By comparison, three of the leanest cuts of beef have 4 to 5 grams of total fat (about 1 to 2 grams saturated) and 125 to 130 calories per 3.5 ounces, while some fattier beef cuts, even when trimmed of visible fat, have at least 6 to 11 grams of total fat (2 to 4 grams saturated) and more than 140 calories.

Ground ostrich meat has 9 grams total fat (2 grams saturated) and 165 calories per 3.5 ounces, compared to 15 grams of total fat (6 grams saturated) and 250 calories in 85 percent lean ground beef.

Environmental advantages of ostrich

Impressive nutrition stats are not the only reason ostrich meat is an attractive alternative to beef. It’s also a more sustainable and environmentally friendly source of animal protein.

Farm raised ostriches require very little land, and like all non-ruminant herbivores, they produce much less methane than cows and other ruminant animals. Greenhouse gases such as methane are major contributors to climate change, and methane emissions from livestock represent a significant percentage of the total greenhouse gases produced by human activities.

Ostriches also require less feed than cows, and they have a faster and higher meat yield. Female ostriches produce a minimum of 40 chicks per year, each reaching marketing age about 400 days from conception. Cows give birth at most once per year, and it takes about 650 days from conception for a calf to be market-ready. About three times more feed is needed to produce a pound of beef than a pound of ostrich meat, and when it’s time for slaughter, a 250-pound ostrich yields about 130 pounds of meat (52 percent of total weight) compared to about 490 pounds from a 1,200-pound steer (41 percent total weight).

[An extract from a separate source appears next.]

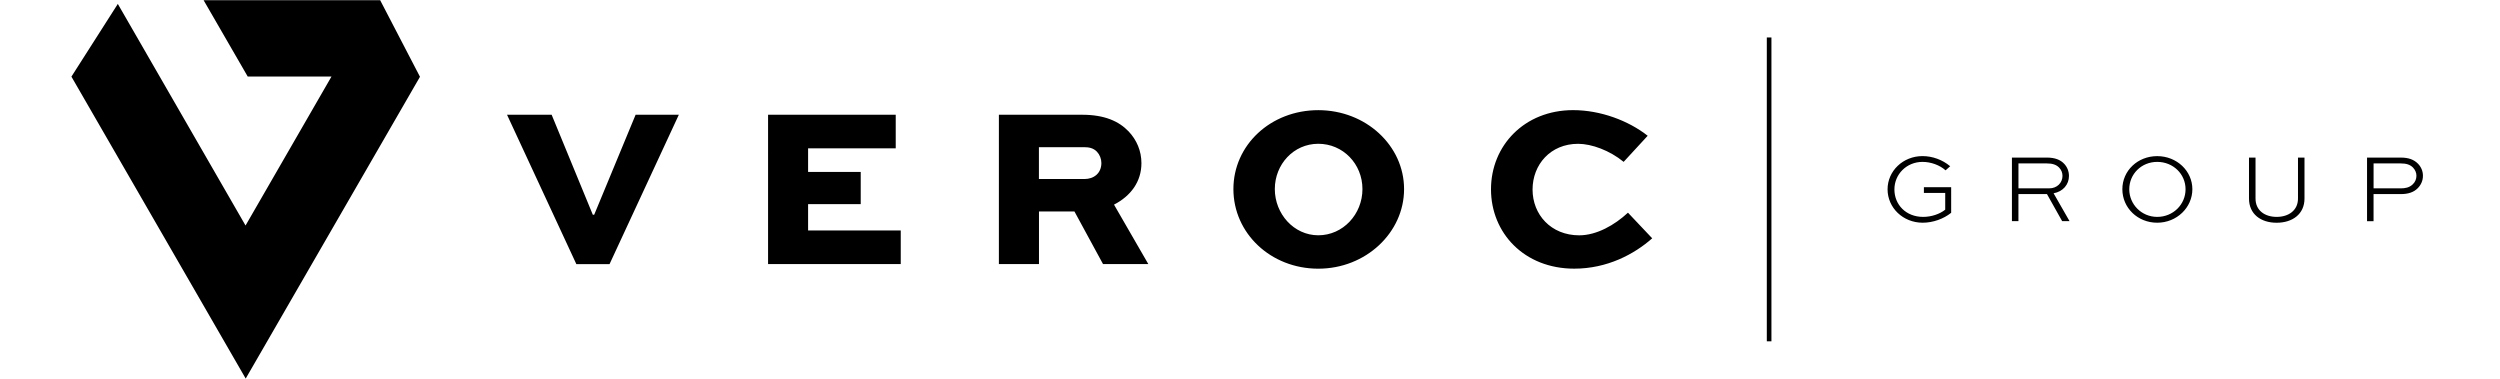 <svg xmlns="http://www.w3.org/2000/svg" data-name="uuid-818c129b-4cf7-4f16-a950-7d40b4fbfe83" viewBox="0 0 811.35 122.86"><path d="M66.08.07h57.3l12.92 24.85-56.56 97.94-56.56-97.99 15.06-23.6 41.45 71.92 27.9-48.36h-27.2L66.08.07zm154.23 37.17-22.49 48.48h-10.77l-22.5-48.48h14.48l13.36 32.45h.45l13.44-32.45h14.03Zm59.03 29.02h-17.08v8.53h30.07v10.92h-43.06V37.23h41.43v10.92h-28.44v7.65h17.08v10.47Zm44.84 19.46V37.24h27.02c7.35 0 11.96 2.15 15.08 5.41 2.6 2.74 4.16 6.31 4.16 10.32 0 5.94-3.42 10.62-8.9 13.44l11.14 19.3h-14.7l-9.28-17.08h-11.51v17.08h-13.01Zm12.99-37.94V58.1h14.78c3.04 0 5.49-1.86 5.49-5.2 0-1.34-.52-2.67-1.42-3.64-1.19-1.27-2.74-1.49-4.09-1.49h-14.78.02Zm90.67-12.03c15.45 0 27.84 11.51 27.84 25.62S443.29 87.2 427.84 87.2s-27.55-11.51-27.55-25.83 12.11-25.62 27.55-25.62Zm0 40.61c8.02 0 14.33-6.83 14.33-15s-6.31-14.7-14.33-14.7-14.11 6.68-14.11 14.7 6.16 15 14.11 15Zm108.39.96c-5.86 5.19-14.63 9.87-25.32 9.87-16.26 0-27.02-11.59-27.02-25.76s10.84-25.69 26.65-25.69c8.9 0 17.97 3.42 24.2 8.32l-7.8 8.47c-4.53-3.71-10.39-5.86-14.78-5.86-8.98 0-14.78 6.76-14.78 14.85s5.94 14.85 15.15 14.85c5.64 0 11.51-3.34 15.81-7.35l7.87 8.32v-.02h.02Z"/><path fill="none" stroke="#000" stroke-miterlimit="10" stroke-width="1.5" d="M574.15 12.16v98.61"/><path d="M631.43 55.29c-1.9-1.71-4.77-2.75-7.49-2.75-5.18 0-9.13 4.01-9.13 8.94s3.73 8.91 9.32 8.91c2.69 0 5.4-.92 7.17-2.34v-5.44h-6.92v-1.86h8.85v8.31c-2.43 1.96-5.88 3.22-9.23 3.22-6.42 0-11.41-4.87-11.41-10.84s5.03-10.78 11.34-10.78c3.22 0 6.45 1.17 8.98 3.29l-1.49 1.33Zm21.52 16.49V51.14h11.34c2.59 0 4.39.7 5.62 2.02.98 1.04 1.55 2.4 1.55 3.95 0 2.78-1.93 5.06-4.99 5.62l5.18 9.04h-2.4l-4.93-8.79h-9.26v8.79h-2.12.01Zm2.12-18.74v8.09h9.99c2.59 0 4.3-1.86 4.3-4.04 0-1.04-.38-1.96-1.08-2.69-.98-1.01-2.31-1.36-3.98-1.36h-9.23Zm45.03-2.37c6.35 0 11.41 4.8 11.41 10.74s-5.06 10.87-11.41 10.87-11.31-4.83-11.31-10.87 4.99-10.74 11.31-10.74Zm0 19.72c5.15 0 9.2-4.01 9.2-8.97s-4.04-8.88-9.2-8.88-9.07 3.98-9.07 8.88 3.98 8.97 9.07 8.97Zm47.8-19.24v13.3c0 4.99-3.86 7.84-9.04 7.84s-8.97-2.84-8.97-7.84v-13.3h2.12v13.3c0 3.82 2.97 5.94 6.86 5.94s6.92-2.12 6.92-5.94v-13.3h2.12-.01Zm20.3 20.63V51.14h10.93c2.56 0 4.33.66 5.66 2.05 1.01 1.07 1.55 2.4 1.55 3.86 0 1.61-.66 3.03-1.77 4.11-1.26 1.23-3 1.83-5.44 1.83h-8.82v8.79h-2.12.01Zm2.12-18.74v8.09h8.82c1.39 0 2.78-.22 3.89-1.3.79-.73 1.2-1.74 1.2-2.78 0-.98-.38-1.87-1.07-2.62-1.01-1.08-2.37-1.39-4.01-1.39h-8.83Z"/><path fill="none" d="M0 0h811.35v122.79H0z"/></svg>

Fascinating Facts About Ostriches

Ostriches are the largest birds in the world. When fully grown, they stand about 8 feet tall and weigh up to 400 pounds. Here's what else you may not know about them.

Where to find it, how to cook it

Ostrich meat is typically found in farmers’ markets and some grocery stores; it’s also sold online and offered at some restaurants. Ostrich jerky is also available. One prominent online purveyor, whose farm is in New Jersey, sells ostrich steak, burgers, and eggs (in season). Another prominent online store, based in Québec, sells ostrich steak and ground meat from a farm located in Canada.

Antibiotics are not typically used in farm-raised ostriches, and both of these purveyors state that their products are antibiotic-free. They also claim that hormones are never used in their birds, but this is moot because hormones are never administered to poultry.

As might be expected for an appealing product with a limited supply, ostrich meat is fairly expensive. The price for an 8-ounce filet at the two online stores mentioned above is $15 to $20, and ground meat is $12.95 to $16 per pound. The empty eggshells cost $35 a pop, and when available, that ostrich egg will run you $42.

Because of its low fat content, ostrich can go from juicy to leathery if cooked too long. The World Ostrich Association suggests sealing in the juices by using a roasting bag when preparing a leg roast, and cooking ostrich steaks over high heat before turning down the flame to finish them off. The meat can also be cubed and added to stews and stir-fries. Ground ostrich meat can be used for burgers, spaghetti sauce, chili, and just about any other recipe that calls for ground beef.

Comparing Nutrition: Ostrich, Beef, and Poultry

Type/cut of meat, 3.5 ounces, raw Calories Total Fat (grams) Saturated Fat (grams)
Fan 115 3 <1
Inside Leg 110 2 <1
Inside Strip 125 3 <1
Outside Leg 115 2 <1
Outside Strip 120 2 <1
Oyster (portion of the thigh) 125 4 1
Round 115 3 <1
Tenderloin 125 3 1
Tip, Trimmed 115 2 1
Top Loin 120 3 1
Ground ostrich 165 9 2
Eye, Round, Choice 125 3 1
Round, Tip, Choice 130 5 1.5
Top, Round, Choice 125 4 1.5
Ground beef, 85% lean 250 15 6
Ground beef, 95% lean 135 5 2
Chicken breast, skinless 120 3 <1
Chicken leg 120 4 1
Turkey, ground, 85% lean 180 13 3.5
Turkey, ground, 93% lean 150 8 2
OSTRICH/BEEF (average values)
Ostrich** 120 3 1
Ostrich, ground 165 9 2
Beef*** 125 4 1
Beef, ground, 85% lean 250 15 6

Source: USDA Food Composition Database. *Numbers have been rounded. **Average of ten cuts: fan, inside leg, inside strip, outside leg, outside strip, oyster, round, tenderloin, tip, and top loin. ***Average of eye of round, round tip, and top round, choice, lean only, trimmed to 0” fat.